The Main workflow creates GitHub releases that should trigger the Publish workflow. However, due to GitHub's security features, workflows triggered by the default `GITHUB_TOKEN` cannot trigger other workflows (this prevents infinite loops).

**To enable the Publish workflow to trigger automatically:**

1. Create a Personal Access Token (PAT) with the following permissions:
   - `contents:write` - To create releases
   - `actions:read` - To trigger workflows

2. Add the PAT as a repository secret named `RELEASE_TOKEN`:
   - Go to Settings → Secrets and variables → Actions
   - Click "New repository secret"
   - Name: `RELEASE_TOKEN`
   - Value: Your PAT

3. The Main workflow will automatically use `RELEASE_TOKEN` if available, falling back to `GITHUB_TOKEN` if not configured.

## Workflows

### 1. Pull Request Workflow (`pr.yml`)

**Purpose**: Validates and tests all pull requests.

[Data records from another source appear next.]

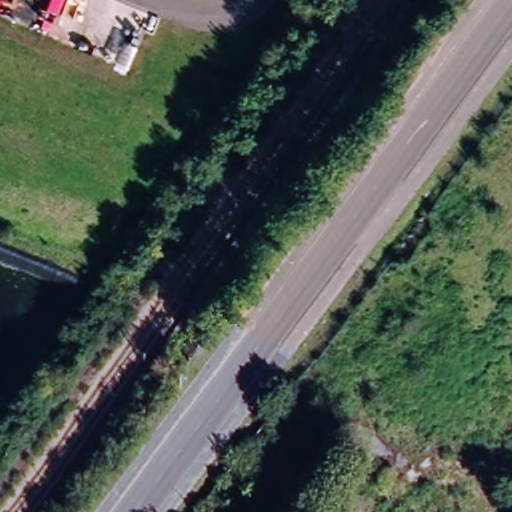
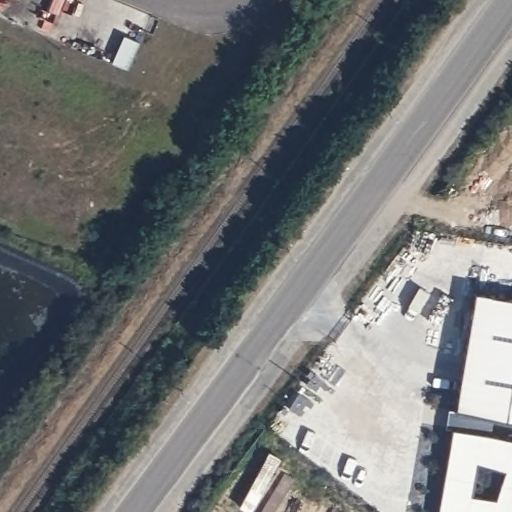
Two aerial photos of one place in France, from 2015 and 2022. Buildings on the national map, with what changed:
new [(473,290),(512,297),(512,420),(454,410),(473,290)]
new [(447,409),(492,416),(490,434),(512,438),(512,512),(438,512),(451,427),(445,426),(447,409)]

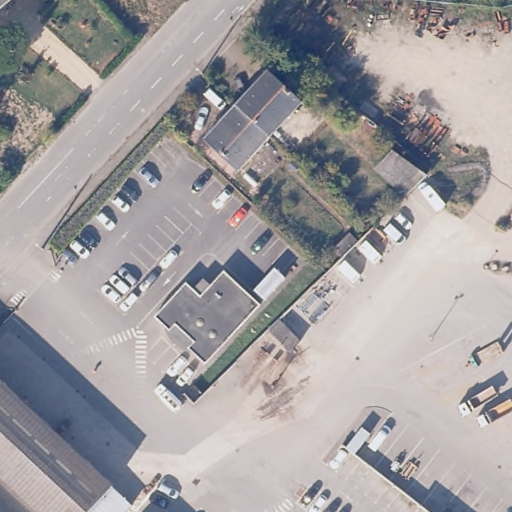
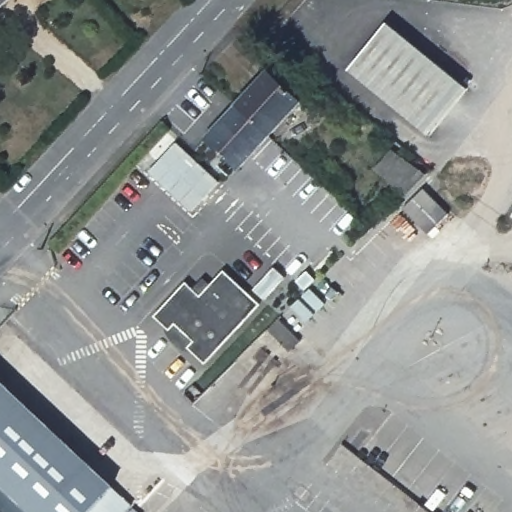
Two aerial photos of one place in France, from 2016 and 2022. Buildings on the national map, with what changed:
unchanged [(10,0),(0,9),(0,0),(10,0)]
new [(386,19),(468,87),(428,136),(346,69),(386,19)]
unchanged [(237,107),(270,73),(302,104),(270,138),(237,107)]
unchanged [(238,171),(205,140),(237,107),(270,138),(238,171)]
unchanged [(428,164),(400,193),(372,164),(394,140),(428,164)]
demolished [(361,240),(341,259),(333,252),(353,233),(361,240)]
unchanged [(151,317),(184,283),(191,290),(201,279),(209,286),(222,272),(258,305),(202,365),(185,349),(167,332),(151,317)]
unchanged [(130,503),(121,512),(0,512),(0,381),(130,503)]

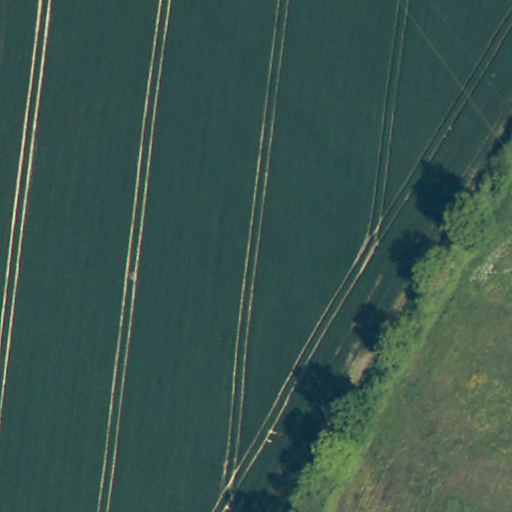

**Triggers**: Pull requests to `main` branch

**Jobs**:

- **validate**: Checks changeset status
- **security-audit**: Runs security audit
- **type-checking**: TypeScript type checking
- **linting**: ESLint checks
- **format-checking**: Prettier formatting checks
- **test**: Runs test suite with coverage
- **codeql**: Security analysis
- **osv-scan**: Vulnerability scanning

### 2. Main Workflow (`main.yml`)

**Purpose**: Handles versioning and release creation when changes are merged to main.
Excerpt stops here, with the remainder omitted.